Permission To Push Boundaries

Permission To Push Boundaries

In the earliest phase of work with each school with which I engage, I ask the site leader (principal, head of school, superintendent) to come up with a set of “boundary conditions” that will guide and govern a process of expansive strategic design.  Boundary conditions set out both the limits and expectations of a project.  They are as expansive as possible and as prescriptive as needed; they allow the participants maximum flexibility of both thinking and imagination without going so far afield as to become purely theoretical, totally whimsical, or anarchical.

Boundary conditions are put forward by the site leader to the community of stakeholders at the start of strategic design. There is no one set of boundary conditions that works for a process of strategic design for all schools, but I am finding some coalescence around a list that I am now sharing with some of my client site leaders as a place to start their thinking.  I expect you to think big, and even to dream.
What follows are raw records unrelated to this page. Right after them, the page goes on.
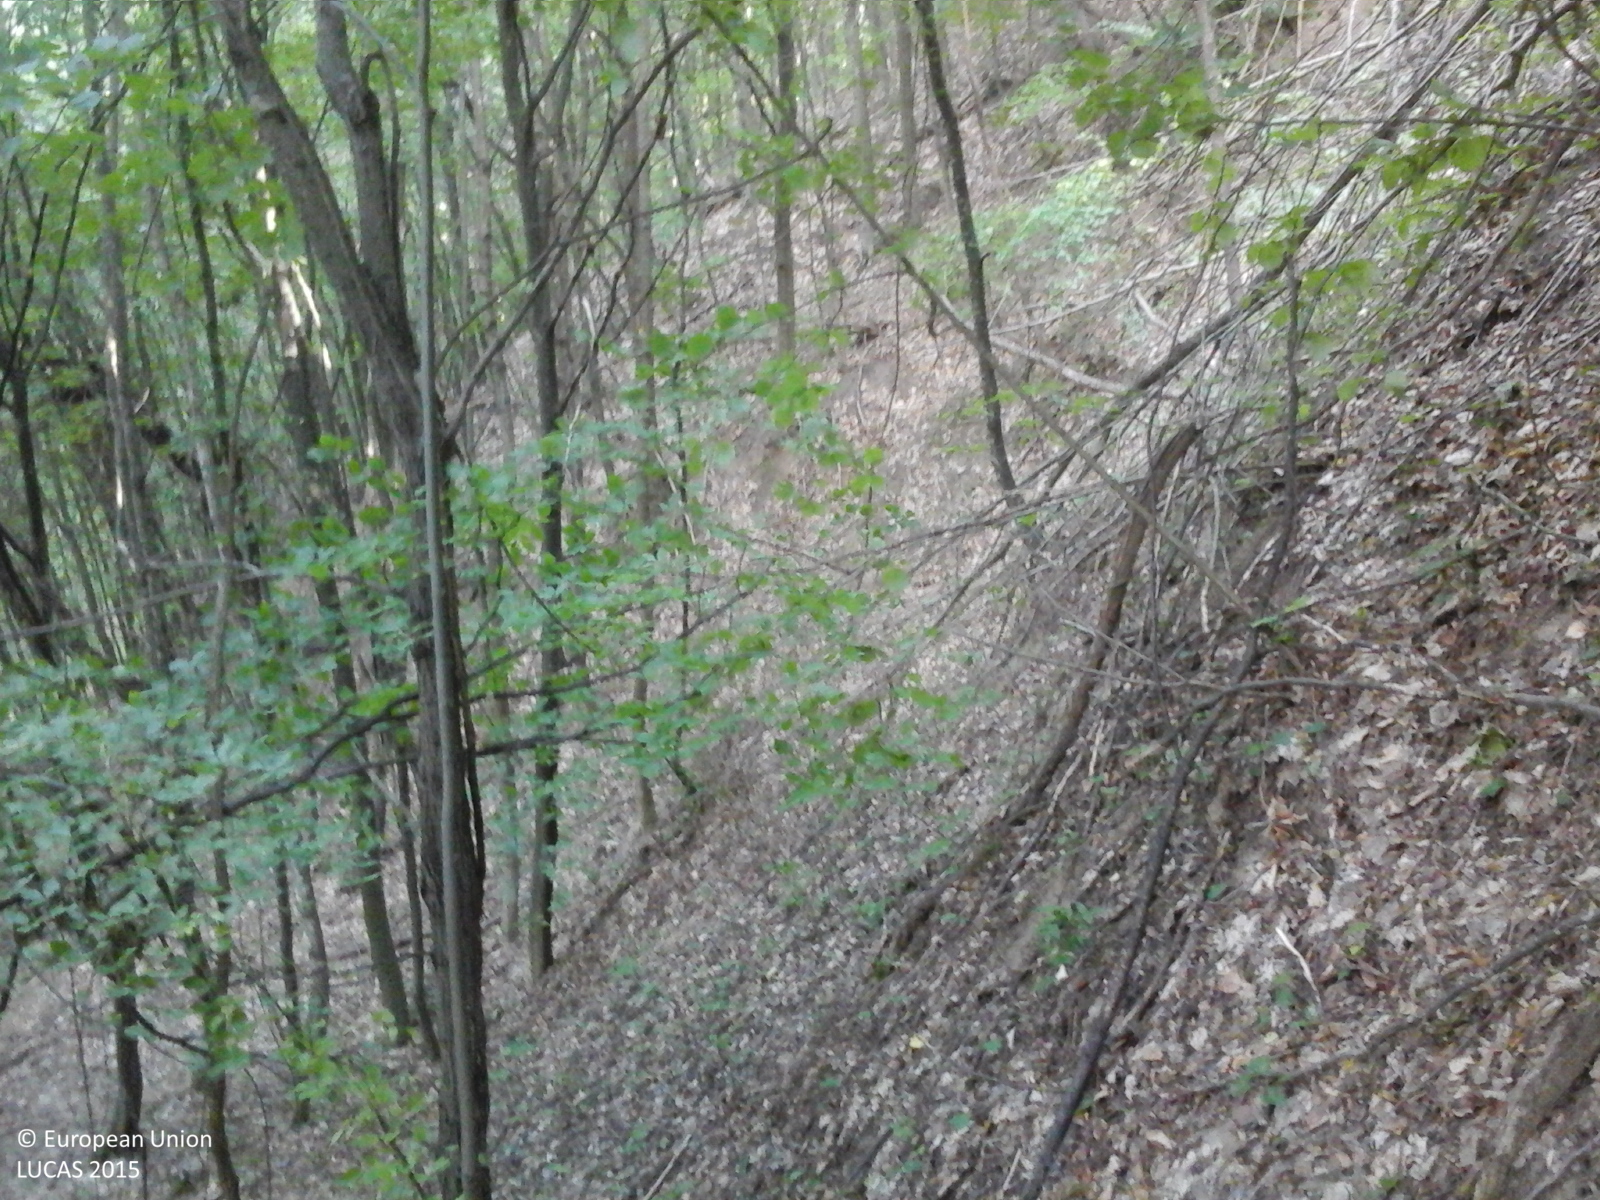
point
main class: Woodland
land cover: Broadleaved woodland
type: beech forest
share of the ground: > 75 %
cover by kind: broadleaved forest trees 100 %
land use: Forestry
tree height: > 5 m
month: June
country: RO
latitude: 46.7722
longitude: 27.2745
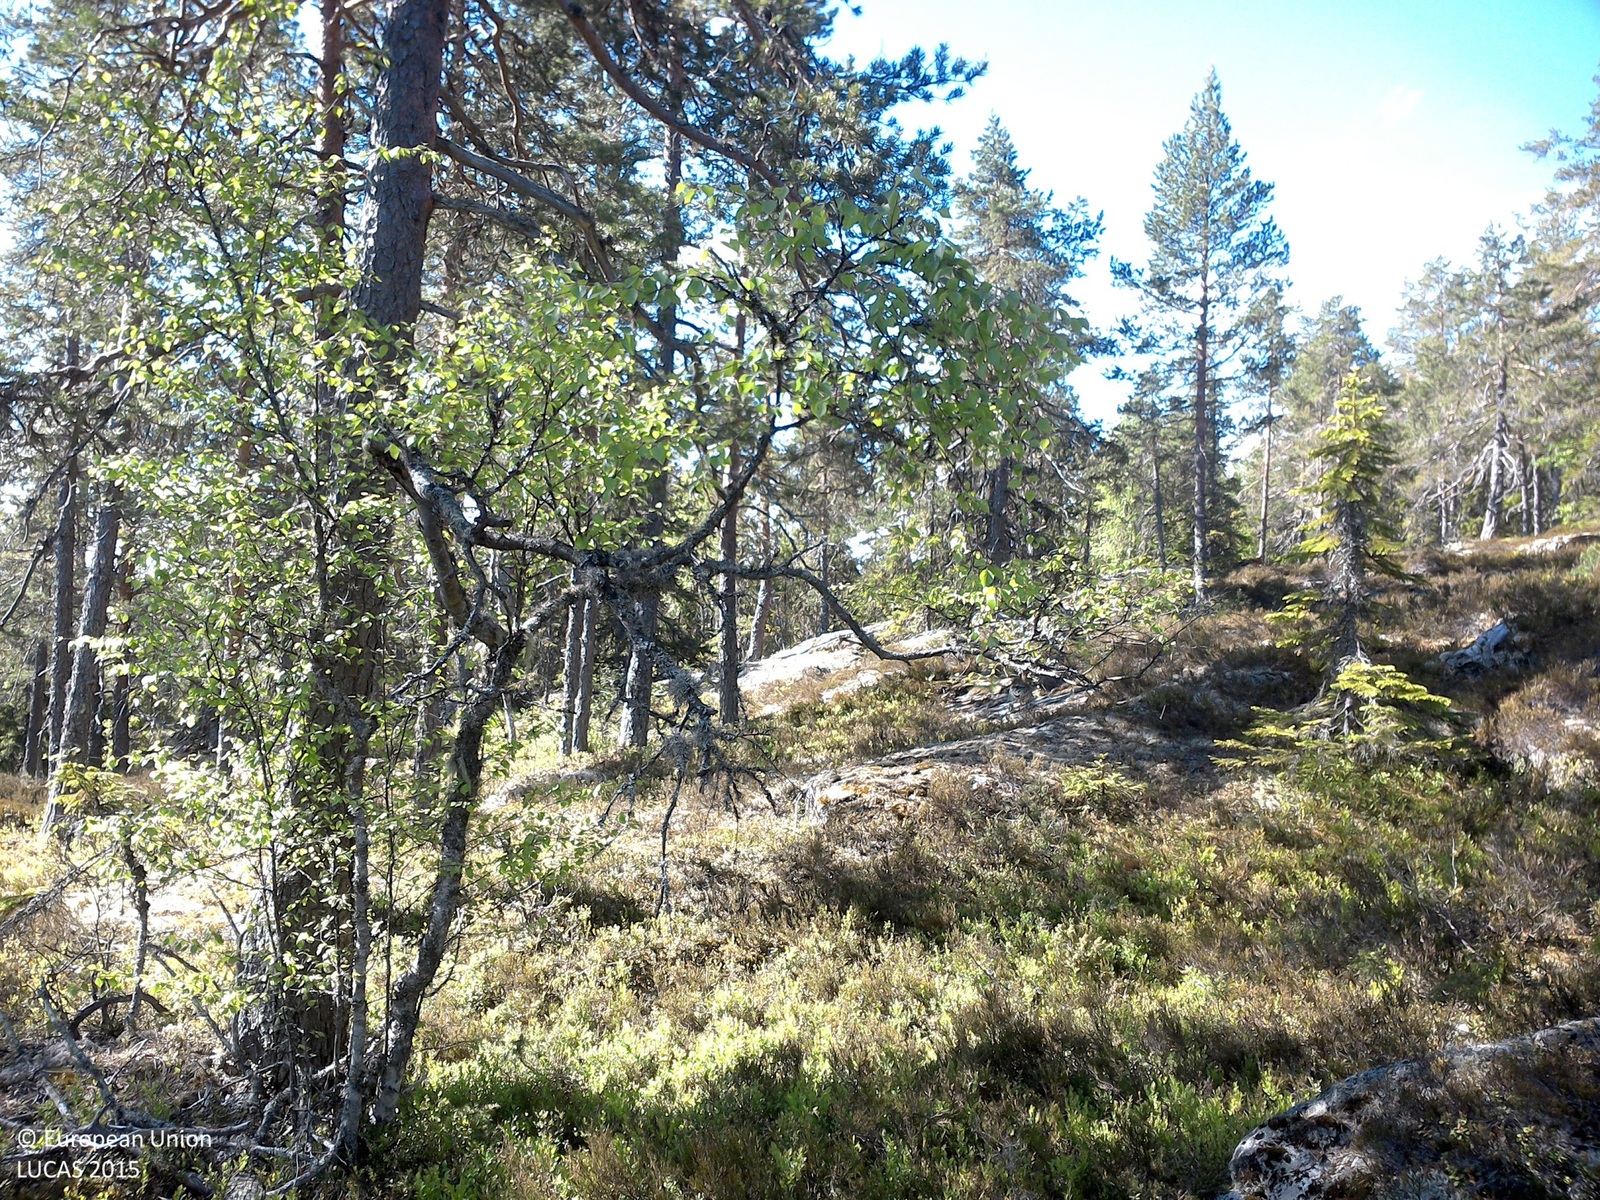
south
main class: Woodland
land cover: Pine dominated coniferous woodland
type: boreal forest
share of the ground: 10 - 25 %
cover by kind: shrubs 70 %, coniferous forest trees 20 %, lichens and mosses 10 %
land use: Forestry
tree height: > 5 m
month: June
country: SE
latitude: 62.6834
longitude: 17.7731

  • The core of our mission is student learning; nothing should stand in the way of us providing the best possible learning for students.
  • We have to prepare for a future that is far less certain than it has been in the past.
  • We will create the future together; it will not be handed to our community by one person or a small committee.
  • Our aspirations cannot be resource limited; we will find the resources to be who and what we need to be.

I think initial boundary conditions like these define the fundamental difference between the approach that I am calling “strategic design” from traditional school strategic planning. The later have tended to be largely framed within an existing set of operational assumptions that limit, or even block, the kind of expansive thinking wherein most true innovation lies.

What would happen at your school if you started a process of long range planning with only these as initial boundary conditions?  How might the results differ from those in your current strategic plan?  What points would you delete and what would you add? What opportunities for the future might be revealed with these as the limits of your community of thought?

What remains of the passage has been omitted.